Reveille for Republicans
Over at The Washington Independent, Dave Weigel discovers that conservatives have been reading Saul Alinsky. Not the caricature of the man that's trotted out on right-wing blogs when someone wants to declare the Democrats are doing something "straight out of Alinsky." They're reading Alinsky's actual books, and they're learning from them:
Alinsky has found a thriving and surprising fan club in the modern conservative movement. [Michael Patrick] Leahy is one of many "Tea Party" activists who have latched onto "Rules for Radicals" as a blueprint for a counter-revolution, a campaign of robust challenges to President Barack Obama and the Democratic Congress that is playing out nearly every day of the August recess in noisy town hall meetings. "Alinsky-cons" have taken the union organizer's "13 rules for power tactics" and "11 rules to test whether power tactics are ethical" and found a strategy that, they believe, is chipping away at the momentum for national health care reform. When they flummox representatives with chants, or laugh out loud at their attempts to explain their votes, many "Tea Party" activists say they're cribbing from Alinsky.
The most obvious beneficiary of the surge of interest in Alinsky has been Random House, which publishes the book through its Vintage imprint. According to Nielsen BookScan, "Rules for Radicals" has sold 15,000 copies since the start of this year—it only sold 35,000 copies from 2000 through 2008. Since the start of August, it has sold 1,000 copies. At Amazon.com, "Rules" is safely nestled in the Top 75 on the retailer's bestseller list, and it's No. 1 in the "radical thought," "civics," and "sociology/history" categories. Most tellingly, the people who snatch up copies of Alinsky's book at Amazon don't go on to buy more liberal texts. Instead, according to the online bookseller, they purchase Michelle Malkin's "Culture of Corruption," Glenn Beck's "Common Sense," and Mark Levin's "Liberty and Tyranny."

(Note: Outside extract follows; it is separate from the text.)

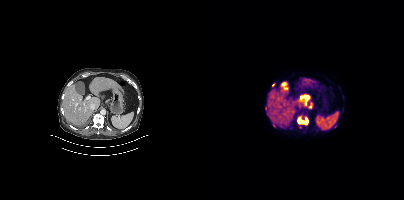
{"modality":"PSMA PET/CT","view":"axial","tracer":"18F-PSMA","pet_grid":[200,200],"coord_frame":"pet_panel","coord_format":"x0,y0,x1,y1","lesion_bboxes":[[93,116,104,124]],"small_foci_centers":[[69,84]]}

The right's interest in Alinsky began when conservatives started worrying that he was an influence on the president. Read enough Alinsky, and you might start wishing he had more of an influence on the president. Saul Alinsky distrusted government planners, and while he was by no means opposed to redistribution in itself he was an acute critic of the welfare state as it functioned in practice. He regularly denounced "welfare colonialism" and in one speech described LBJ's poverty program as "a huge political pork barrel and a feeding trough for the welfare industry, surrounded by sanctimonious, hypocritical, phony, moralistic crap." He argued that effective political action had to be driven by the people directly affected, not by professionals (including professional activists) acting on their behalf. A left that paid him more than lip service would be decentralist and anti-bureaucratic. Sounds like an improvement to me.